El cervantino patio de Monipodio representa un punto de reunión de ladrones, mendigos, falsos mutilados, supuestos estudiantes y prostitutas, que debían pagar un “impuesto de circulación” –si los finos permiten el término- para ejercer su oficio con tranquilidad. Era la institucionalización de la trapacería donde la corrupción no era parte del sistema sino el sistema mismo. Pérez de Ayala decía que, cuando la estafa adquiere cierta envergadura, toma un nombre decente, que representa la diferencia entre el ladrón aislado y el robo como organización, como parte del orden establecido. Wenceslao Fernández Flórez ironizaba en un artículo periodístico sobre la necesidad de nacionalizar el hurto para evitar los abusos de los atracados que decían haber sido desprendidos de miles de pesetas cuando el monto del robo no llegaba a cinco duros y eso no se podía consentir. Era la forma de poner cierto sesgo de moralidad a lo inevitable.

era la institucionalización de la trapacería donde la corrupción no era parte del sistema sino el sistema mismo

En España ya no puede considerarse que la corrupción se deba a la falta de ética y escrúpulos de personas concretas y aisladas, sino la consecuencia de un Estado fallido donde la política queda reducida al sometimiento a esa realidad impuesta como inconcusa de las exigencias del dinero, mientras el valor de cambio se convierte en el único criterio tanto en la gestión de lo público como en el de las actitudes morales privadas. Un escenario propicio para que crezca la corrupción. Ya no existen barreras políticas ni éticas, pues la centralidad autoritaria del sistema favorece que se muestre como irreversible y, consecuentemente, con la potestad de actuar con toda crudeza ante una ciudadanía compelida. La sucesión de escándalos que están salpicando la vida pública española produce que la ciudadanía, por su parte, vea a la clase política como uno de los principales problemas del país. Negocios y política se mezclan indecorosamente con dirigentes públicos que pasan de las responsabilidades institucionales a los consejos de administración en un salto obsceno  donde el establishment maneja los hilos del poder.

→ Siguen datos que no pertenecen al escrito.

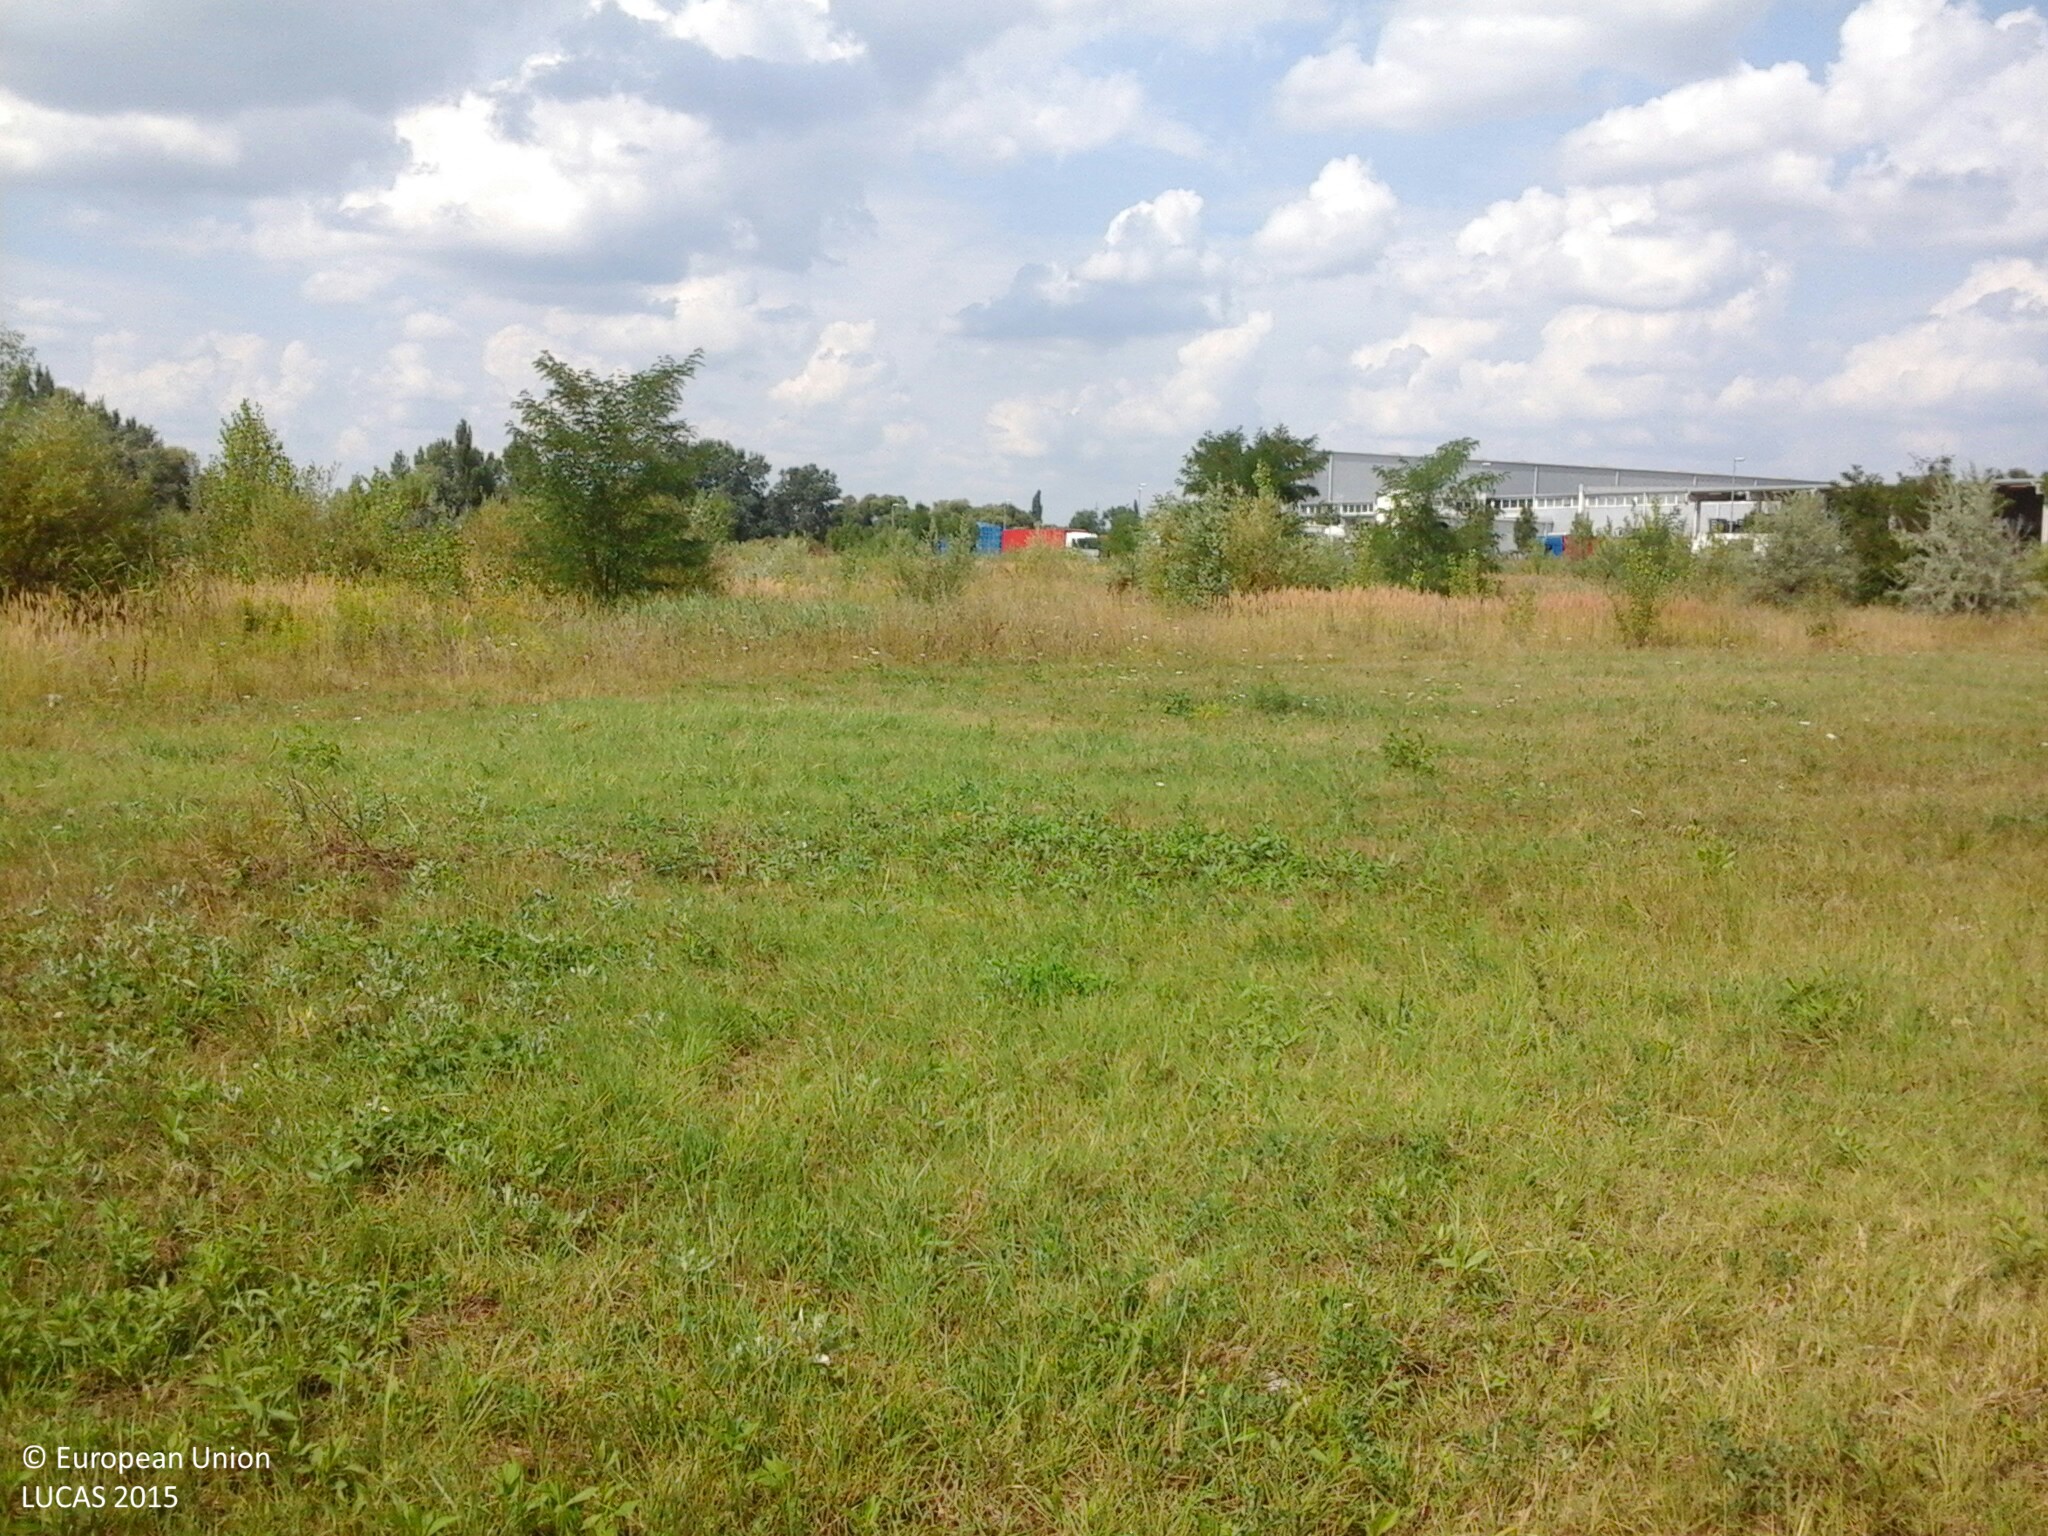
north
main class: Grassland
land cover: Grassland without tree/shrub cover
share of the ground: > 75 %
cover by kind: herbaceous plants 100 %
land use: Semi-natural and natural areas not in use
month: August
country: HU
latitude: 47.3763
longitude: 18.1831
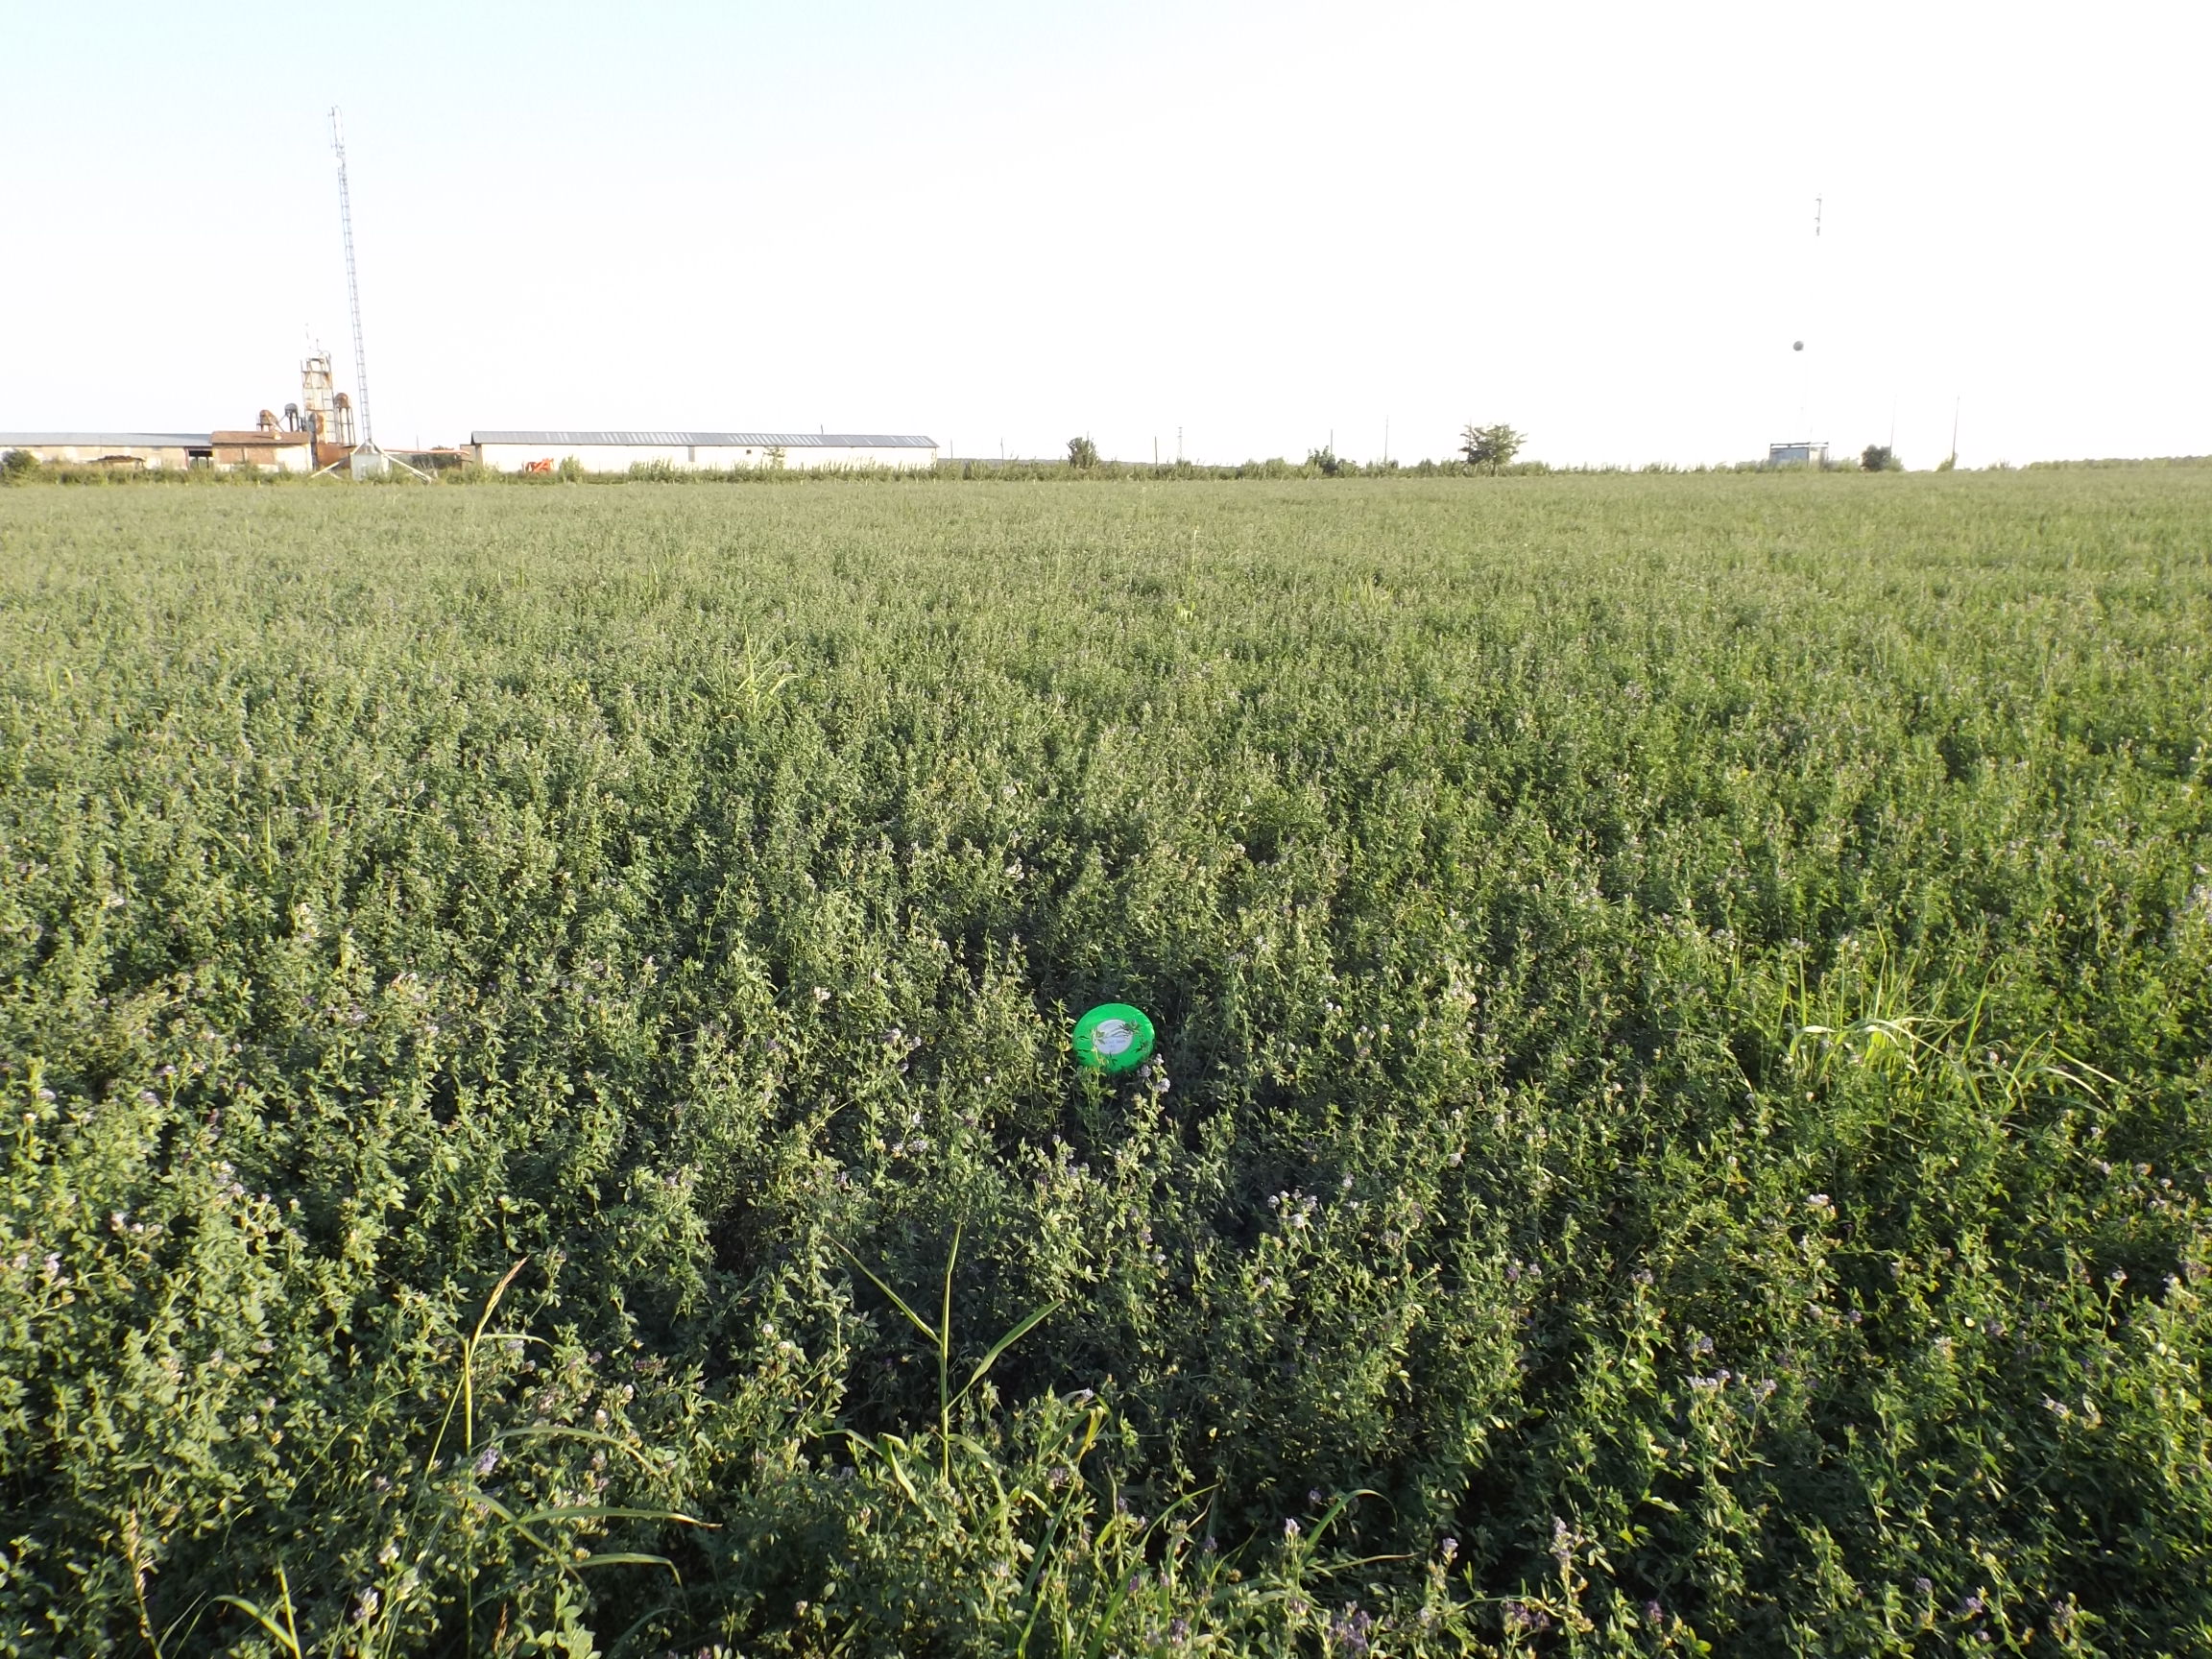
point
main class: Cropland
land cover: Lucerne
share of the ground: > 75 %
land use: Agriculture (excluding fallow land and kitchen gardens)
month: September
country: BG
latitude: 43.9948
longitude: 26.7130

La dictadura de la rapiña se convierte en una realidad impuesta

La dictadura de la rapiña se convierte en una realidad impuesta. Para Ortega cuando se volatilizan los demás valores queda siempre el dinero, que, a fuer de elemento material, no puede volatilizarse. O, de otro modo: el dinero no manda más que cuando no hay otro principio que mande. Quizá no sea casual que haya aparecido en este tiempo el esqueleto de Ricardo III hallado en un aparcamiento de Leicester, y a quien la historia señaló como un hombre desagradable, ambicioso, cruel y sin escrúpulos, que, como Creonte, anteponía su soberanía a cualquier otro valor.

El crepúsculo de las ideologías impuesto por el franquismo y teorizado por Gonzalo Fernández de la Mora –para quien las ideologías eran un descomedimiento anacrónico- ha trascendido mediante el pacto de la Transición hasta hogaño. Esto propicia la corrupción del sistema puesto que el poder económico en su afán por exterminar la política y convertir a los partidos en entes de gestión produce, en muchos casos, que la coherencia sea simplemente mercantilista a través de un pragmatismo sin paliativos. Y ese pragmatismo dicta que las soluciones a los problemas planteados, los que sean, no dependan ni poco ni mucho de las ideologías. De ahí que no existan escándalos ideológicos, sólo de comportamiento. La corrupción alojada en todas los intersticios institucionales impulsa a interrogarse si el sistema está corrompido o es la corrupción el sistema. En ambos casos se hace necesario y urgente unas auténticas reformas estructurales que repongan el valor ético de la política y la supremacía de los poderes democráticos ante los intereses de minorías ajenas al escrutinio de la ciudadanía.

Sin embargo, la banalización política y el desmayo de las ideologías y los valores como fuentes morales de vertebración nacional, fruto del utilitarismo tecnocrático, intentan conseguir la eliminación de los elementos trascendentes del imaginario colectivo. Todo se reduce a mero producto, el mismo país y los partidos políticos se convierten en marcas susceptibles de ser vendidas como rótulos comerciales. “La marca España”  o “la marca “de tal o cual partido, expresiones tan extendidas en la cotidianidad de la vida pública, suponen un vaciamiento del sentido fundamental de la política a través de la derogación de su sesgo moral y relevante.

¿Es, por todo ello, posible regenerar el patio de Monipodio con sus propias reglas? ¿Se puede salvar el sistema  a sí mismo como se sacó el Barón de Münchhausen del pantano tirándose de la coleta? Más temprano que tarde habrá que reconocer que la ideología y los valores no tienen alternativas honorables.